Input
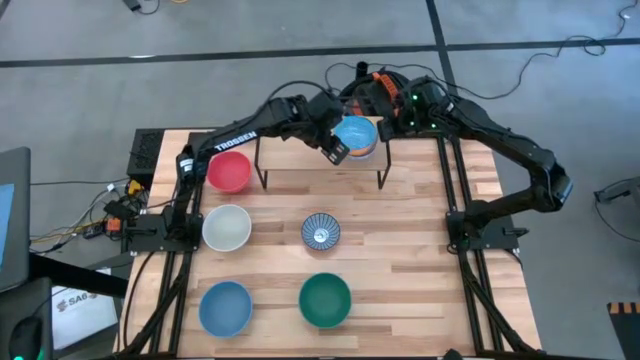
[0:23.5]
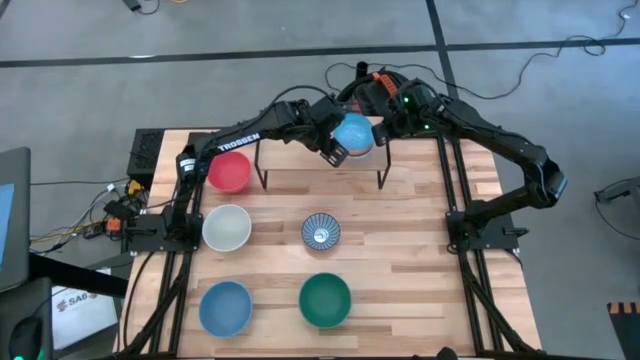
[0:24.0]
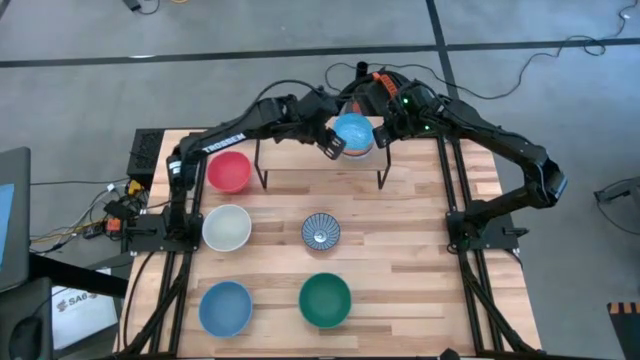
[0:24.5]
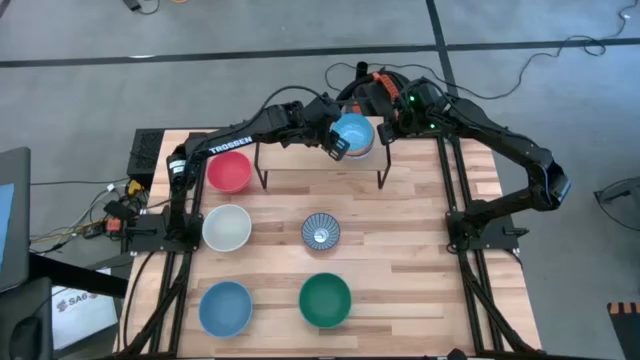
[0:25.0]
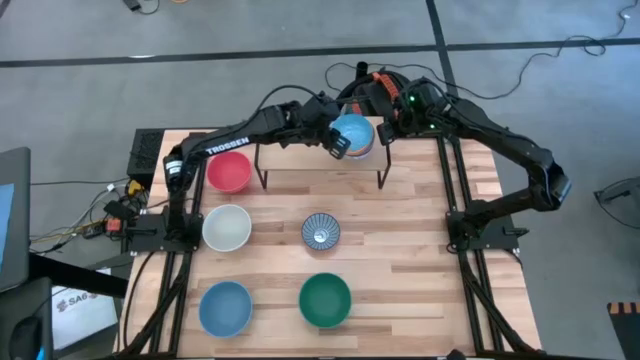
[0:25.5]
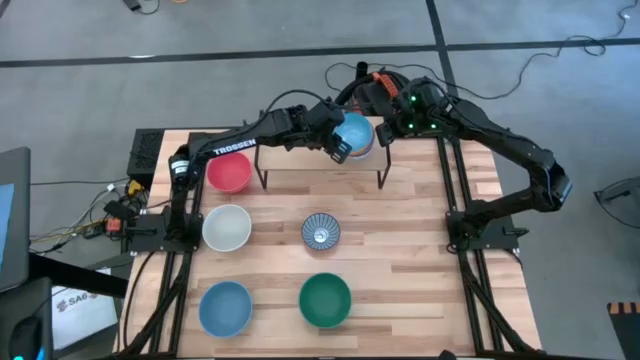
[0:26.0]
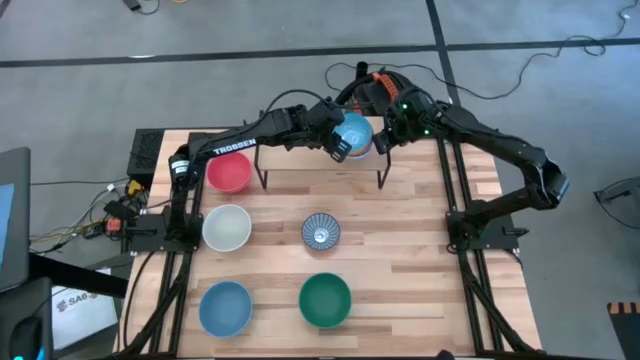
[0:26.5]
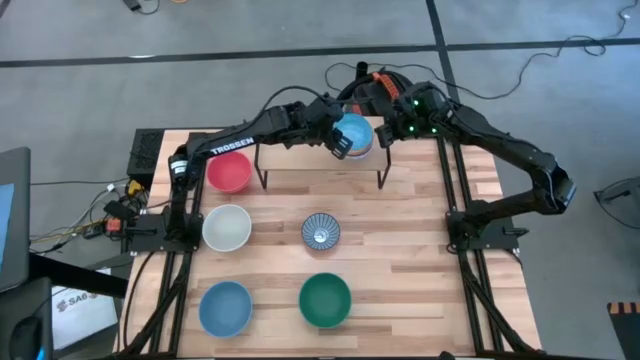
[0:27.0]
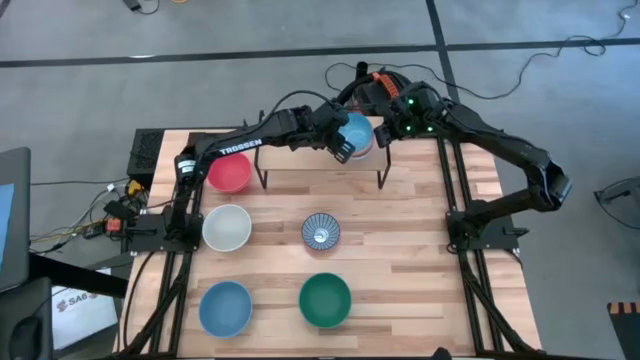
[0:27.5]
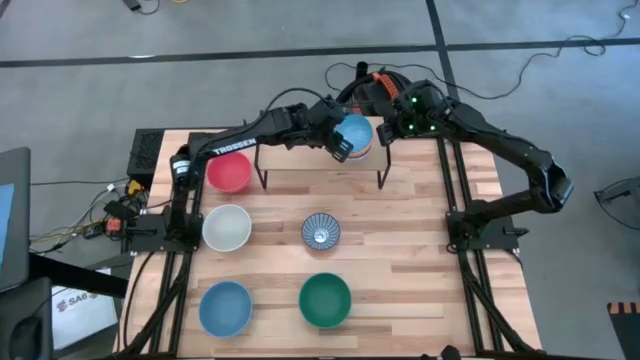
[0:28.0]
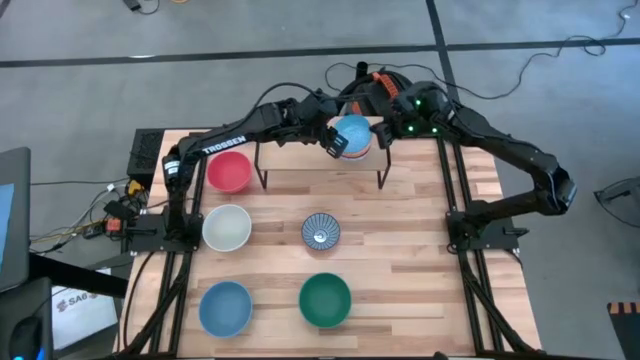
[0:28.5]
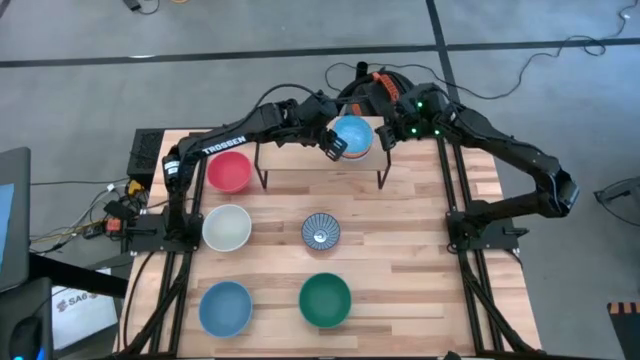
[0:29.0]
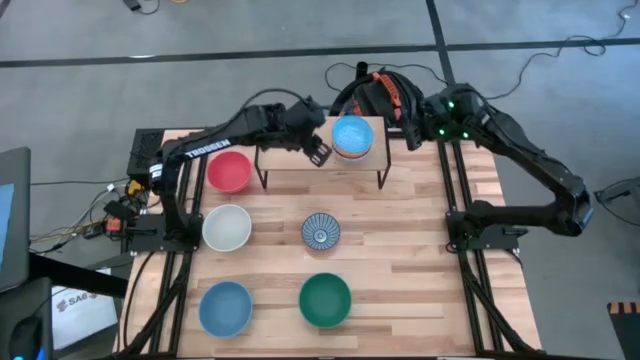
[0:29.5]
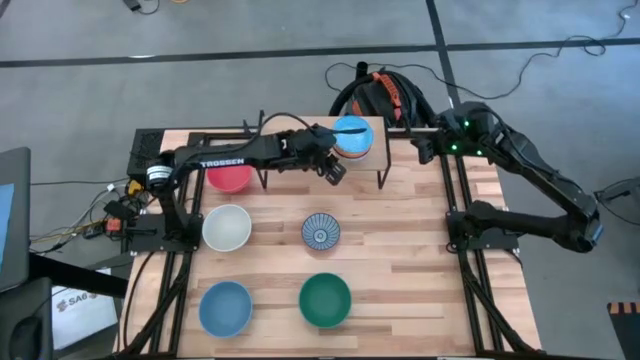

Task prompt
Give the data again exactly, image-free.

Answer section
[0:23.5]
[0:24.0]
[0:24.5]
[0:25.0]
[0:25.5]
[0:26.0]
[0:26.5]
[0:27.0]
[0:27.5]
[0:28.0]
[0:28.5]
[0:29.0]
[0:29.5]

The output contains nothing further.